El académico e investigador añade que quienes más soportan el ruido sufren una exposición permanente. “No es por una dinámica precisa, como una construcción, sino que su vida gira en torno a un lugar ruidoso. Y cada vez es más difícil salir de esos lugares”, subraya.
El problema no es solo la red vial de una ciudad donde se realizan más de 8 millones de viajes diarios en vehículos de todo tipo. Los eventos o aglomeraciones también se han convertido en un dolor de cabeza que no presenta señales de cura. Roxana Sarmiento vive con su esposo y su hijo de 14 años en el barrio El Salitre, muy cerca a donde hace dos meses abrió sus puertas el escenario ‘Vive Claro’ con capacidad para 40.000 espectadores – mayor que la del estadio El Campín – en predios del parque Simón Bolívar, el más grande del área urbana de Bogotá. “Hace parte de la estructura ecológica que tiene unos usos restringidos. No entendemos cómo las entidades no han puesto una sanción, ni han dado una solución contundente”, se queja Sarmiento. Argumenta que se están violando normas ambientales y de convivencia. “Hemos tenido mediciones de más de 80, 100 decibeles. Hay casas, edificios residenciales, hogares geriátricos y un hospital a 30 metros”, enfatiza. Mientras los vecinos protestan, el espacio ha albergado conciertos de artistas como Green Day, Imagine Dragons y Linkin Park. Este sábado, Shakira cierra allí su gira por su país natal.
“No respeta estrato”
Talía Osorio, una antropóloga de 44 años, vivía en un exclusivo barrio de Bogotá. Decidió mudarse con su familia por el sonido que emitían los extractores de un restaurante-bar contiguo. “Sonaba como si tuvieras un aeropuerto al lado”, describe. El establecimiento colindaba con la habitación de sus dos bebés de pocos meses. “El desplazamiento por ruido empieza a ocurrir dentro de la vivienda, hasta que terminamos hacinados en un solo cuarto”, recuerda. Aunque interpuso un sinnúmero de quejas, no hubo quién la defendiera.

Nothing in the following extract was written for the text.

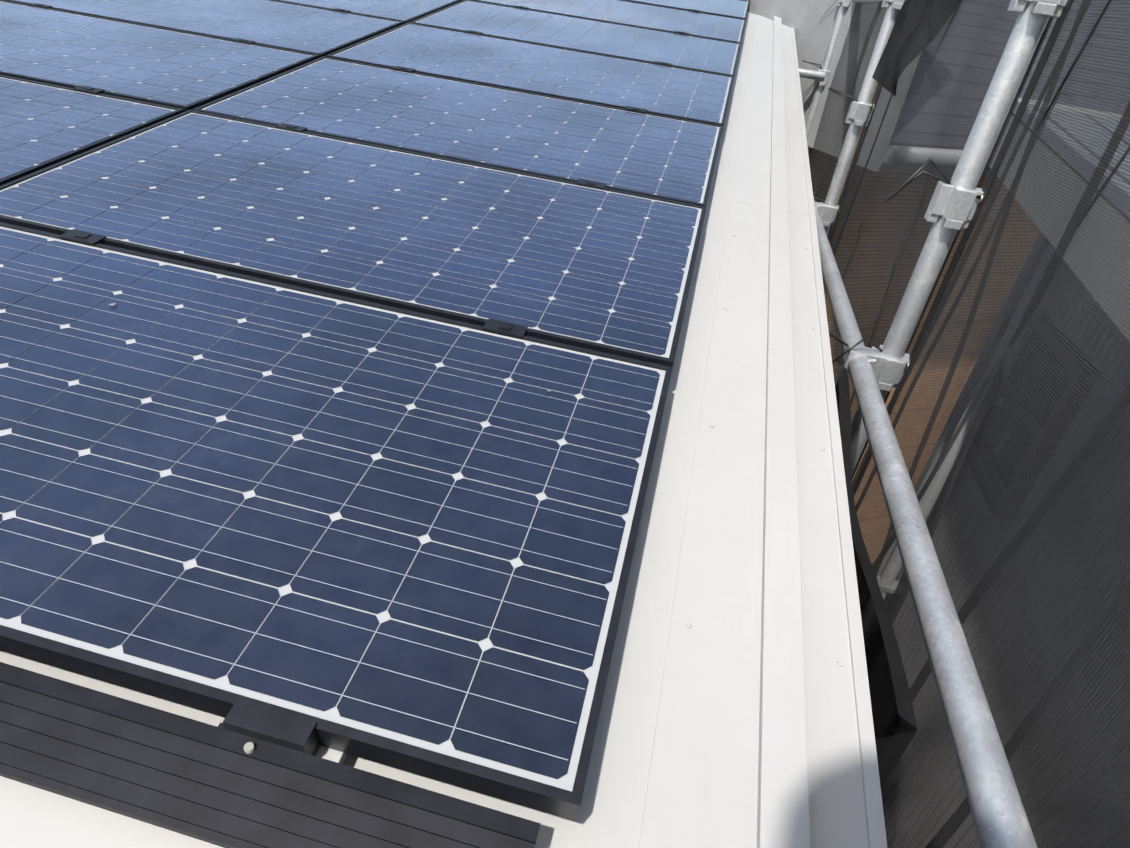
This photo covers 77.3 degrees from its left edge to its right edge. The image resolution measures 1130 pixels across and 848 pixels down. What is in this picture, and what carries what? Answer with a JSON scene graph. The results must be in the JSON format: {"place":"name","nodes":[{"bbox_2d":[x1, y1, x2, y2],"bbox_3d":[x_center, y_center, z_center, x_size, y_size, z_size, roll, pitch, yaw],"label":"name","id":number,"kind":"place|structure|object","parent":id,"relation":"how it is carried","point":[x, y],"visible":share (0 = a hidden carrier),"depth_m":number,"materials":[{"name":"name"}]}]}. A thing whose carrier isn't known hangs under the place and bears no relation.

Ahora lidera “Activos x el ruido”, un movimiento que denuncia casos de personas que se declaran víctimas del ruido. “El ruido no tiene partido político ni estrato; enferma, desplaza y mata. Somos víctimas por la falta de voluntad política. El ruido reina porque muchos de los ruidosos son comercios que generan plata”, señala. Según derechos de petición que ese grupo expuso en una audiencia pública ante el Concejo Distrital, pese a que el ruido es una de las principales causas de conflictos entre vecinos, menos del 1% de las casi 1.000 llamadas diarias que recibe la línea de atención de emergencias terminan en sanciones, así como menos del 5% de las quejas que llegan a las alcaldías locales. “Es una inatención masiva. El Estado genera políticas sobre el uso del suelo, pero sin regulación real. Cuando la gente denuncia, la dilación, negligencia y corrupción son tan altas que la gente es víctima de un desplazamiento generado por las mismas autoridades”, reclama.

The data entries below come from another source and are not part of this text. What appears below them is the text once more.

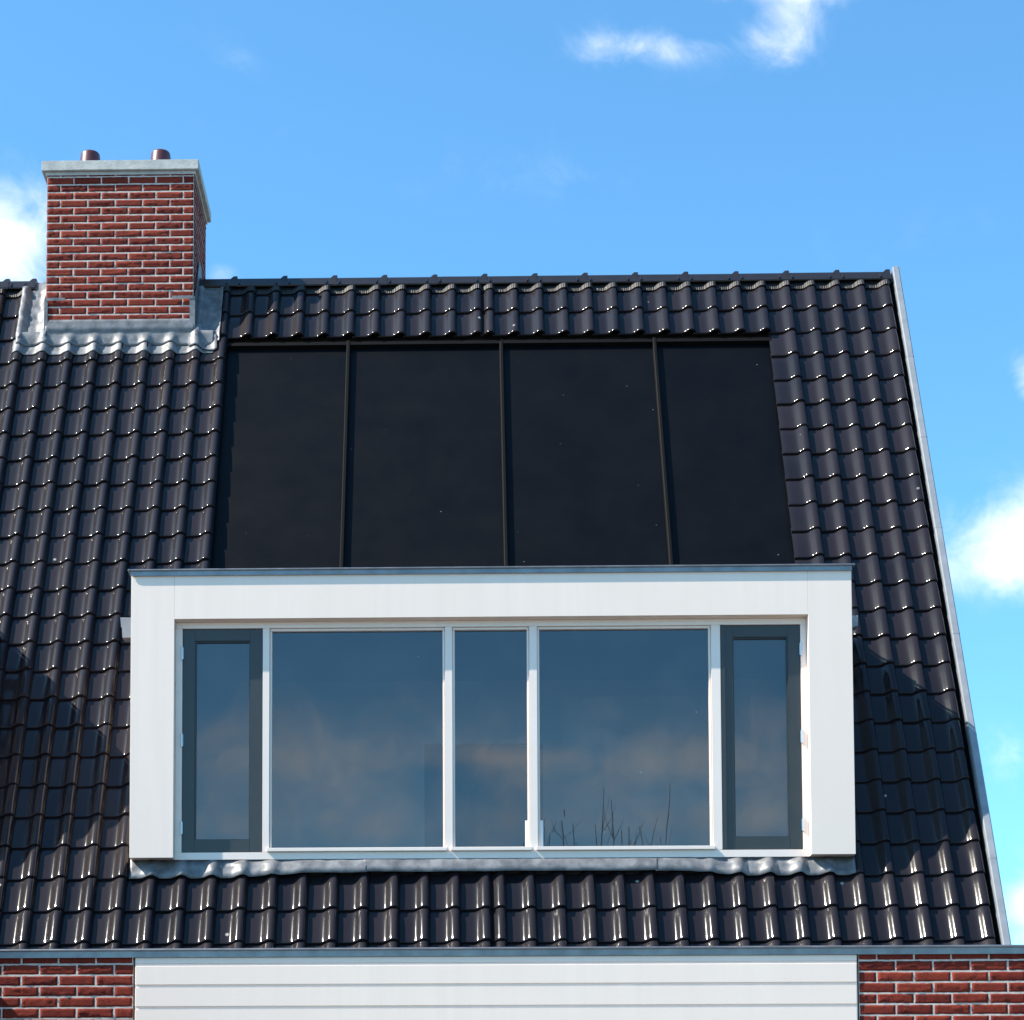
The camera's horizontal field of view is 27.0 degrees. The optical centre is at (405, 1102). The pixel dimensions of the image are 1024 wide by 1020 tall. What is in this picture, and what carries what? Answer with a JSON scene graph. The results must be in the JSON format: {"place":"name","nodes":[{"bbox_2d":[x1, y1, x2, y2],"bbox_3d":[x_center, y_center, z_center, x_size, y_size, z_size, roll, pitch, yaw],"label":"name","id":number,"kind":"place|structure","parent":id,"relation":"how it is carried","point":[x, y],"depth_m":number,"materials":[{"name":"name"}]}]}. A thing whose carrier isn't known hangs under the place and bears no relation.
{"place":"outdoors","nodes":[
{"label":"outdoors","id":0,"kind":"place"},
{"bbox_2d":[0,149,1023,1019],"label":"terraced house","id":1,"kind":"structure","parent":0,"point":[536,647],"depth_m":15.79,"materials":[{"name":"tile"}]},
{"bbox_2d":[180,629,262,852],"bbox_3d":[-1.247,-2.451,14.388,0.555,1.527,0.073,0,-4,1],"label":"casement window","id":2,"kind":"structure","parent":1,"relation":"in","point":[253,637],"depth_m":14.38,"materials":[{"name":"grey paint"}]},
{"bbox_2d":[267,628,446,851],"bbox_3d":[-0.328,-2.454,14.363,1.214,1.534,0.082,0,-4,1],"label":"fixed window","id":3,"kind":"structure","parent":1,"relation":"in","point":[343,849],"depth_m":14.36,"materials":[{"name":"white paint"}]},
{"bbox_2d":[451,627,531,850],"bbox_3d":[0.576,-2.457,14.345,0.546,1.534,0.082,0,-4,1],"label":"fixed window","id":4,"kind":"structure","parent":1,"relation":"in","point":[527,847],"depth_m":14.34,"materials":[{"name":"white paint"}]},
{"bbox_2d":[175,618,808,859],"bbox_3d":[0.574,-2.451,14.381,4.262,1.627,0.110,0,-4,1],"label":"window frame","id":5,"kind":"structure","parent":1,"relation":"in","point":[714,624],"depth_m":14.33,"materials":[{"name":"white paint"}]},
{"bbox_2d":[536,626,714,850],"bbox_3d":[1.475,-2.459,14.327,1.200,1.534,0.082,0,-4,1],"label":"fixed window","id":6,"kind":"structure","parent":1,"relation":"in","point":[540,847],"depth_m":14.32,"materials":[{"name":"white paint"}]},
{"bbox_2d":[720,625,804,849],"bbox_3d":[2.402,-2.462,14.316,0.550,1.527,0.073,0,-4,1],"label":"casement window","id":7,"kind":"structure","parent":1,"relation":"in","point":[789,633],"depth_m":14.30,"materials":[{"name":"grey paint"}]},
{"bbox_2d":[0,0,1023,944],"label":"sky","id":8,"kind":"structure","parent":0,"point":[328,138],"materials":[{"name":"blue"}]}
]}

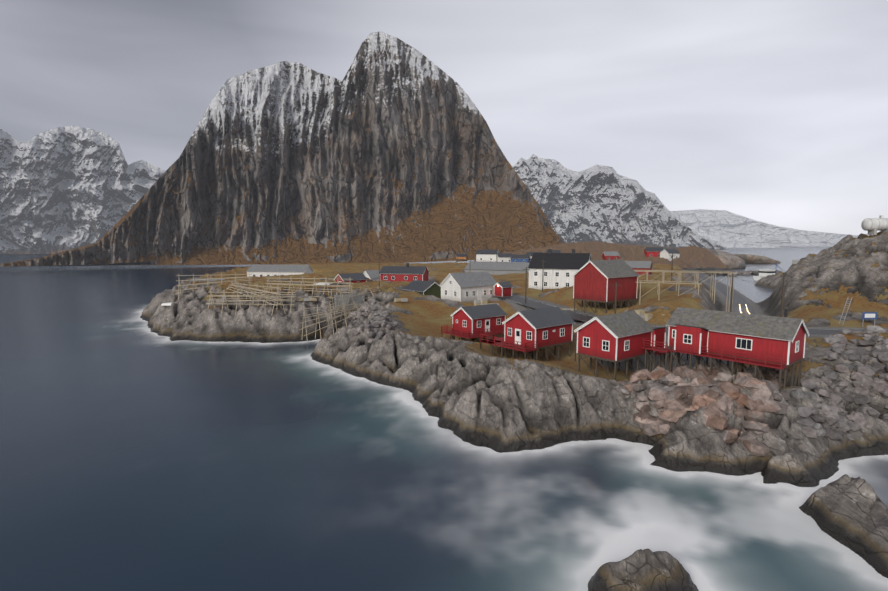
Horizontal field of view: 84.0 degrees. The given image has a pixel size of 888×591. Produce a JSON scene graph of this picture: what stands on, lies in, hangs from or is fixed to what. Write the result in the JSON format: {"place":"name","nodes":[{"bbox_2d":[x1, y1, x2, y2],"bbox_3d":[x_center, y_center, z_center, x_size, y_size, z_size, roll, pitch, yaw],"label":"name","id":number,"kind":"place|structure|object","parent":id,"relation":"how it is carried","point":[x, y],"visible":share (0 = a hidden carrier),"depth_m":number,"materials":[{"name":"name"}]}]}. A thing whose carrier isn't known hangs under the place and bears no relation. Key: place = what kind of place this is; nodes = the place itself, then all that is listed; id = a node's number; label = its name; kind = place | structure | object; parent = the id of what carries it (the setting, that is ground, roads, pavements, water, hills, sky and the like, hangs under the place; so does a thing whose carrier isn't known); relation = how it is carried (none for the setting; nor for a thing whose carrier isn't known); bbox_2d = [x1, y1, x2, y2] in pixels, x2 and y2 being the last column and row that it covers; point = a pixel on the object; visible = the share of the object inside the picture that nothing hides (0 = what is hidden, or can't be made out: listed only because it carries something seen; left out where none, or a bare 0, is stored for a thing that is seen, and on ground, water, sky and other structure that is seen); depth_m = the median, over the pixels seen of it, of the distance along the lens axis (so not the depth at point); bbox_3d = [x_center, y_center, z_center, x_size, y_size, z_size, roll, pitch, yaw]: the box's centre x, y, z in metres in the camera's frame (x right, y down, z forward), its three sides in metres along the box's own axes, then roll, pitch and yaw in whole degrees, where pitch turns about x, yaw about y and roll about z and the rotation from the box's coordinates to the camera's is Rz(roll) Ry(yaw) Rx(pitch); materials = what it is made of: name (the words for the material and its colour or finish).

Parte del problema, considera Osorio, es el uso mixto del suelo que ha permitido abrir establecimientos en zonas residenciales. “A veces se registra como un problema de percepción y no, es un problema de salud muy serio. Mis defensas se bajaron por el estrés tan terrible, no puedes dormir, estar ni pensar. Es una tortura”, dice.
Páez, el director de control ambiental, explica que la ley contra el ruido que se aprobó en marzo de este año permite imponer medidas preventivas sin necesidad de hacer mediciones de decibeles. “Hemos coordinado con autoridades locales y de Policía para suspender las actividades cuando no hay sistemas de control. Por ejemplo, si un bar no tiene barreras de sonido o tiene amplificadores hacia la vía pública”, precisa. Sin embargo, las sanciones definitivas como cierres pueden tomar meses, incluso años. “El control ambiental no busca que no haya entretenimiento nocturno, sino que se haga de manera respetuosa”, remarca el funcionario.
El silencio no debería depender de la posición social o del lugar que se habita, concluye Ávila, el académico. “Debemos darle importancia al silencio. Eso parte de la planeación urbana y los controles efectivos”, declara. “Al final, de lo que estamos hablando es del derecho a la dignidad”, puntualiza Osorio.